As the answer, give a copy of each line below that includes the word "loose".

= Beginning of Section =

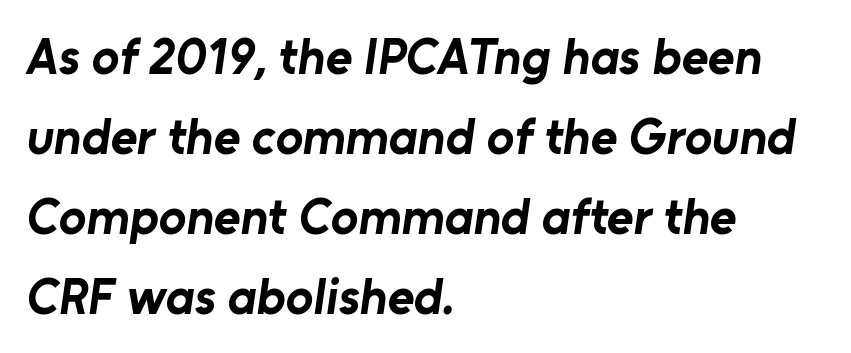
The image shows 51 px bold sans-serif type; set left-aligned, normal line spacing (1.57x), normal letter spacing, not underlined; low stroke contrast and a medium x-height.
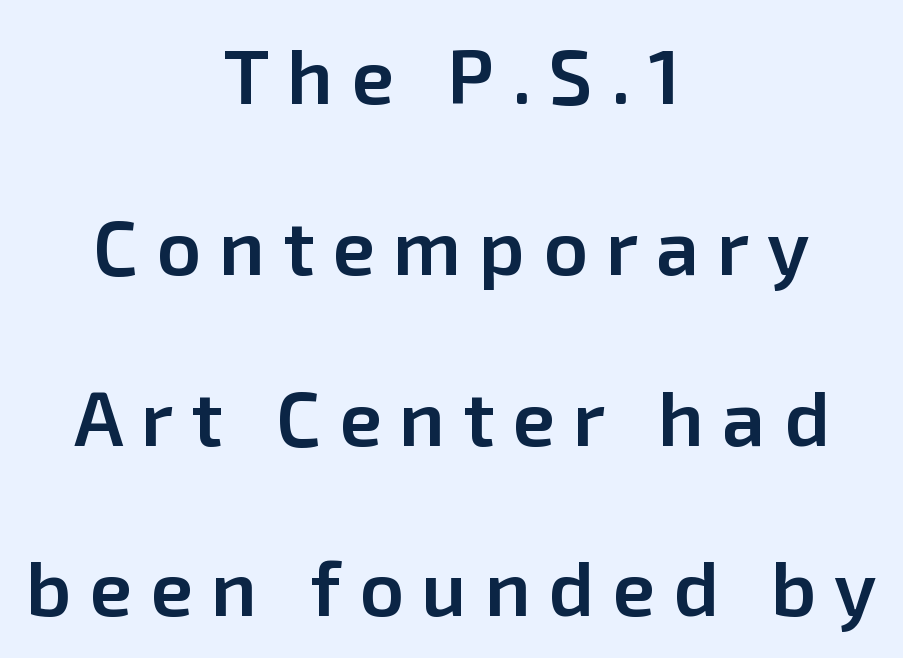
{"serif": "no", "italic": "no", "bold": "semi", "weight": "semibold", "width": "normal", "stroke_contrast": "low", "x_height": "medium", "monospaced": "no", "underline": "no", "align": "center", "line_spacing": "loose", "line_spacing_ratio": 2.19, "letter_spacing": "wide", "letter_spacing_em": 0.23, "glyph_px": 78}
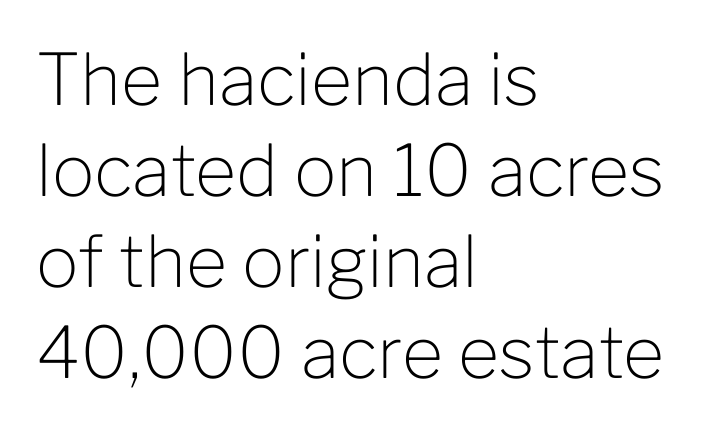
Q: Is the text bold? A: No.
Q: Is the text italic (slanted)? A: No, it is upright.
Q: Is the typeface a serif or a sans-serif typeface? A: Sans-serif.
Q: Is the text underlined? A: No.
Q: How is the paragraph aligned? A: Left-aligned.
Q: Is the spacing between letters normal or unusually wide? A: Normal.
Q: Is the spacing between lines tight, normal or loose? A: Normal.
Q: Width (condensed, normal, or wide)? A: Normal.
Q: Stroke contrast? A: Low.
Q: x-height? A: Medium.
Q: Monospaced? A: No.
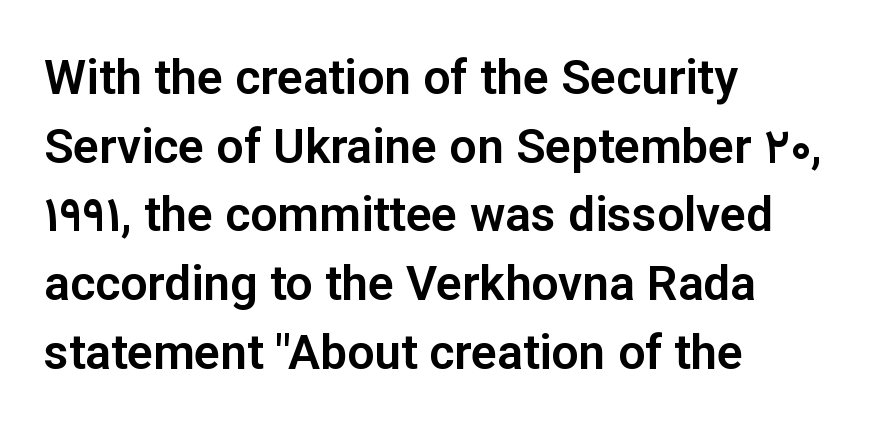
The image shows 48 px sans-serif type, upright; set left-aligned, normal line spacing (1.43x), normal letter spacing, not underlined; low stroke contrast and a medium x-height.
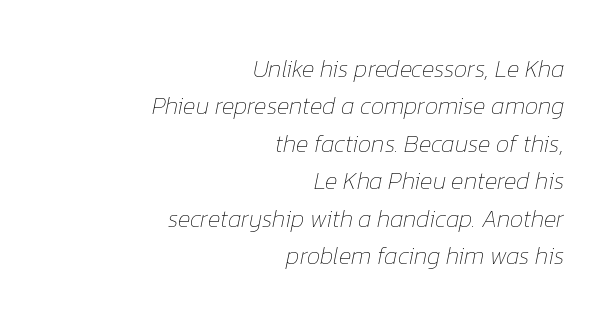
{"italic": "yes", "lean": "right", "slant_degrees": 12, "bold": "no", "underline": "no", "align": "right", "line_spacing": "normal", "line_spacing_ratio": 1.56, "letter_spacing": "normal", "letter_spacing_em": 0.0, "glyph_px": 24}
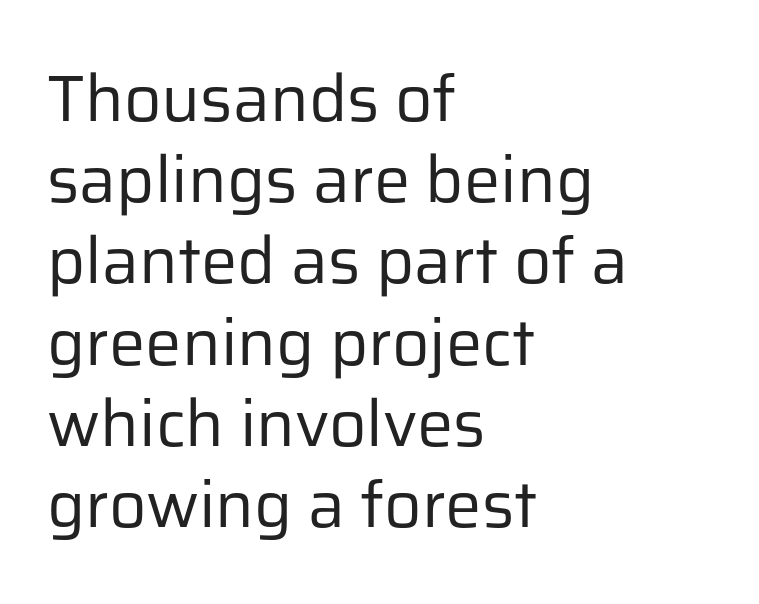
Is there any slant? The stems are plumb. Do the characters align in a grid? No, the font is proportional. Is this a heavy cut? Hardly; it is regular or lighter. In terms of letterform style, serifs are entirely absent. Inter-character spacing is left at the font's built-in metrics.
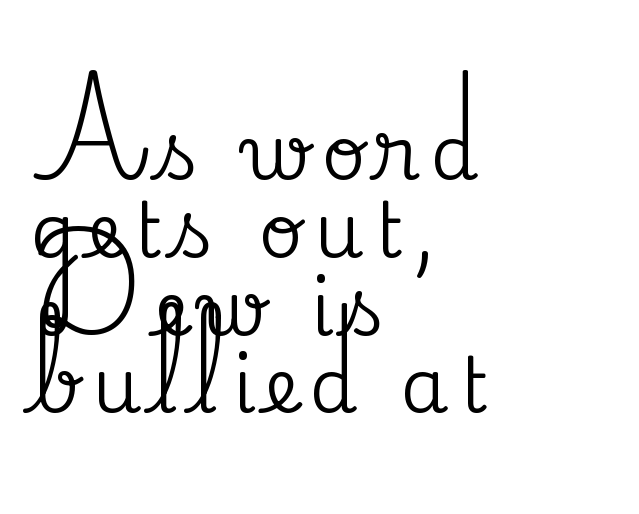
In CSS terms this would be text-align: left. Italic? Not at all — the glyphs are vertical. You could not count columns in this text — the font is proportionally spaced. This sample uses a serif face.
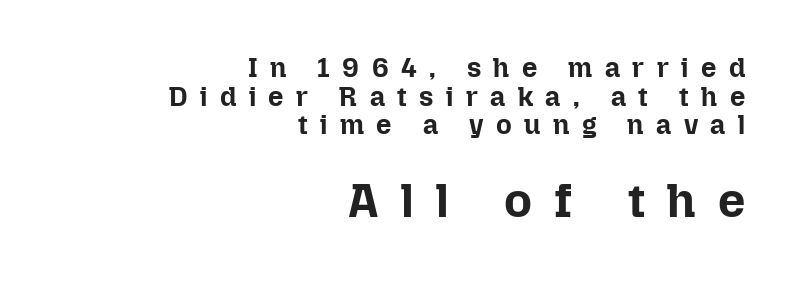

= End of Section =

EXERCISE ANSWER |
{"serif": "no", "italic": "no", "bold": "semi", "weight": "semibold", "width": "normal", "stroke_contrast": "low", "x_height": "medium", "monospaced": "no", "underline": "no", "align": "center", "line_spacing": "loose", "line_spacing_ratio": 2.19, "letter_spacing": "wide", "letter_spacing_em": 0.23, "glyph_px": 78}
Q: Is the spacing between lines tight, normal or loose? A: Normal.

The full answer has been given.